Я понял, что, работая с мозгом, ничего не узнаешь о жизни – разве что лишний раз ужаснешься тому, насколько она хрупка. Нельзя сказать, что под конец карьеры я полностью утратил веру и иллюзии – скорее в определенном смысле разочаровался. Я гораздо больше узнал о собственном несовершенстве и об ограниченности хирургического вмешательства (хотя зачастую без него и не обойтись), чем о том, как в действительности работает мозг. Хотя в тот миг, когда я сидел в прохладной операционной, прислонившись спиной к чистой стене, мне на ум вдруг пришло, что все эти невеселые мысли навеяны банальной усталостью – неудивительно для пожилого нейрохирурга, который вот-вот выйдет на пенсию.

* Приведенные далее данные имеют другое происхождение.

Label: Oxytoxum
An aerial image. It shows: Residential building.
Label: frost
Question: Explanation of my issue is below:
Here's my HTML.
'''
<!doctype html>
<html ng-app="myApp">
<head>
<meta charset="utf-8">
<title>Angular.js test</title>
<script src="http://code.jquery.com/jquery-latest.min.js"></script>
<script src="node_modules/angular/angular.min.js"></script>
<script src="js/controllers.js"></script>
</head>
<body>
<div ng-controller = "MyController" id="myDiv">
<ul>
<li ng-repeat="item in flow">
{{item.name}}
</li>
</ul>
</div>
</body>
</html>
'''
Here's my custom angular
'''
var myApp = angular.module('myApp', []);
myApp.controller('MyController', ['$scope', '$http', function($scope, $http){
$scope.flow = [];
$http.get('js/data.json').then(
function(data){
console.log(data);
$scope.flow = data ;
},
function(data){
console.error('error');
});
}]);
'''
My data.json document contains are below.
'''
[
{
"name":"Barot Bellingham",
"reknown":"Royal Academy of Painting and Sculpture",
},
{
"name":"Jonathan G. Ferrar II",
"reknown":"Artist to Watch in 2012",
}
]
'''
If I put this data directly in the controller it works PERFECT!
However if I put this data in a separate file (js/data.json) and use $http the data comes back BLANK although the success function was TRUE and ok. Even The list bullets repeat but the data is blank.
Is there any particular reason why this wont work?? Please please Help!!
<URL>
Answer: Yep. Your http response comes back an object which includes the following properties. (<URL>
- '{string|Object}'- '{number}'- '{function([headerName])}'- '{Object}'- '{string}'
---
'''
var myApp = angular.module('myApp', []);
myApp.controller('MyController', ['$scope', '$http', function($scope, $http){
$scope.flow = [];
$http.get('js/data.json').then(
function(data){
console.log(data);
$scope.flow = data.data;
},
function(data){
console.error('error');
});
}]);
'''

Опухоль в мозге девушки произрастала из мягких мозговых оболочек – тонких кожистых мембран, которые окружают головной, а также спинной мозг в нижней части черепа, известной как задняя черепная ямка. Она находилась рядом с одной из крупных венозных пазух. Венозные пазухи – своего рода дренажные трубы, постоянно выкачивающие огромные объемы темно-бордовой, лишенной кислорода крови – крови, которая была ярко-красной, когда только достигла мозга, направленная туда сердцем.
Кровь проходит через мозг за считаные секунды – четверть всей крови, поступающей от сердца, – и тут же темнеет, потому что мозг забирает из нее драгоценный кислород.

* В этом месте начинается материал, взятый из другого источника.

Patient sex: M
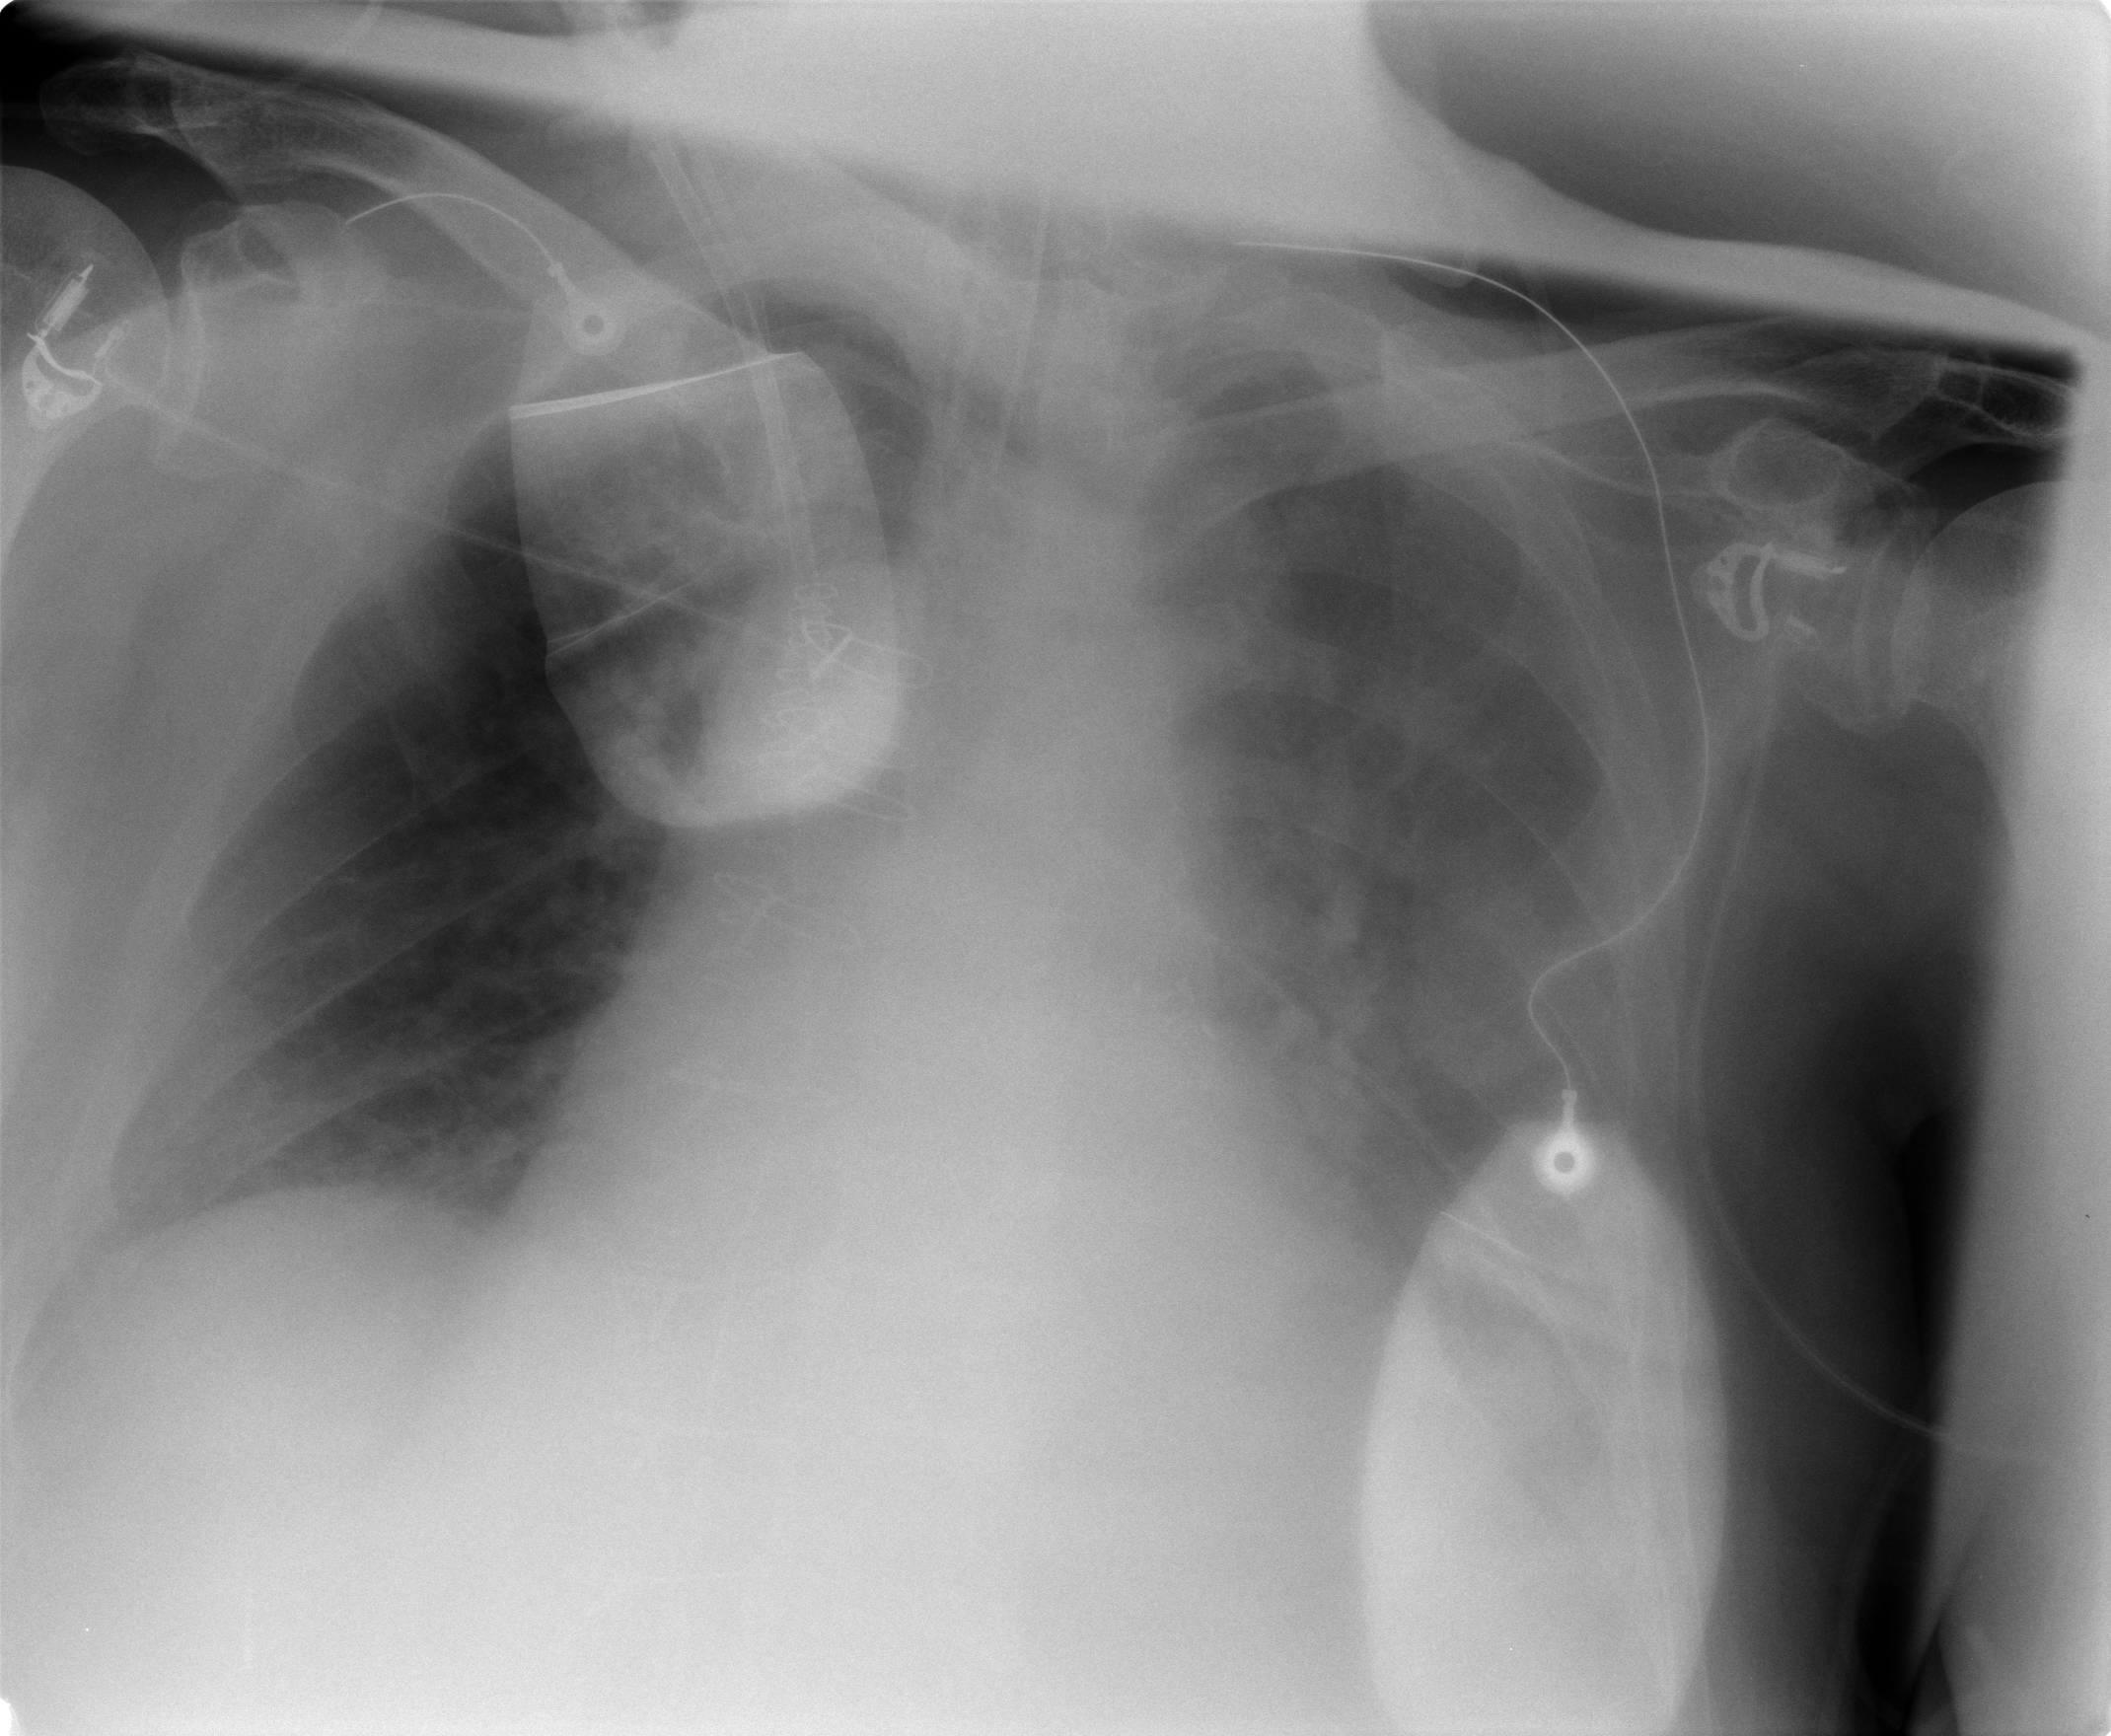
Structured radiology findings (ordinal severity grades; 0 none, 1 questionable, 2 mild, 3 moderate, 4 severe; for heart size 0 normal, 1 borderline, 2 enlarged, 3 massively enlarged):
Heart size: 3
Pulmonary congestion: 0
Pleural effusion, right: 1
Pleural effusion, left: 2
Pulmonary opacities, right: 0
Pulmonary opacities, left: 1
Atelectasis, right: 0
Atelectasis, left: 2

Мышление, восприятие, ощущения, управление работой нашего организма, главным образом бессознательное, – на все это уходит очень много энергии, для получения которой активно используется кислород. Был небольшой риск разрыва поперечной венозной пазухи при попытке удалить опухоль, что привело бы к катастрофическому кровоизлиянию, поэтому я вымыл руки и помог Тиму завершить операцию, в течение двадцати минут крайне осторожно прижигая и отслаивая опухоль со стороны пазухи, которую постарался не проткнуть.

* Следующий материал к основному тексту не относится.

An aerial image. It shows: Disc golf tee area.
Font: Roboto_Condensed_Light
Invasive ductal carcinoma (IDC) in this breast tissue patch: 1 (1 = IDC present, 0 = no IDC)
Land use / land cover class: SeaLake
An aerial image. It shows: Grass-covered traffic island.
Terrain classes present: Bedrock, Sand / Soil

– Думаю, можно смело сказать, что опухоль полностью удалена, – заключил я.
– Не думаю, что смогу заняться мистером Уильямсом, пациентом с опухолью лобной доли, – заметил Тим. – В час начинается амбулаторный прием. Мне очень неловко об этом просить, но не могли бы вы за него взяться и удалить как можно бóльшую часть опухоли? Уделить ему столько времени, сколько понадобится?
– Похоже, выбора у меня нет, – проворчал я, недовольный тем, что придется оперировать пациента, с которым лично не провел обстоятельную беседу. К тому же я совсем не был уверен, что операция ему поможет.
Итак, Тим отправился в амбулаторное отделение, а Сами закончил операцию за него, заполнив отверстие в черепе девушки быстро схватывающимся пластичным раствором и зашив скальп. Час спустя в смежную с операционной наркозную комнату вкатили мистера Уильямса. Это был мужчина на вид старше сорока, с тонкими усиками, бледным, безразличным лицом и, наверное, довольно высокий, потому что его ноги, на которые были надеты положенные по правилам антиэмболические чулки, свисали с края каталки.
– Меня зовут Генри Марш, я старший хирург, – сказал я, глядя на него сверху вниз.
– Ага.
– Полагаю, Тим Джонс уже объяснил вам все, что нужно?
Реакции пришлось ждать долго. Мне показалось, что он глубоко задумался, прежде чем ответить:
– Да.
– Не хотите ни о чем спросить?
Он хихикнул, и снова последовала продолжительная пауза.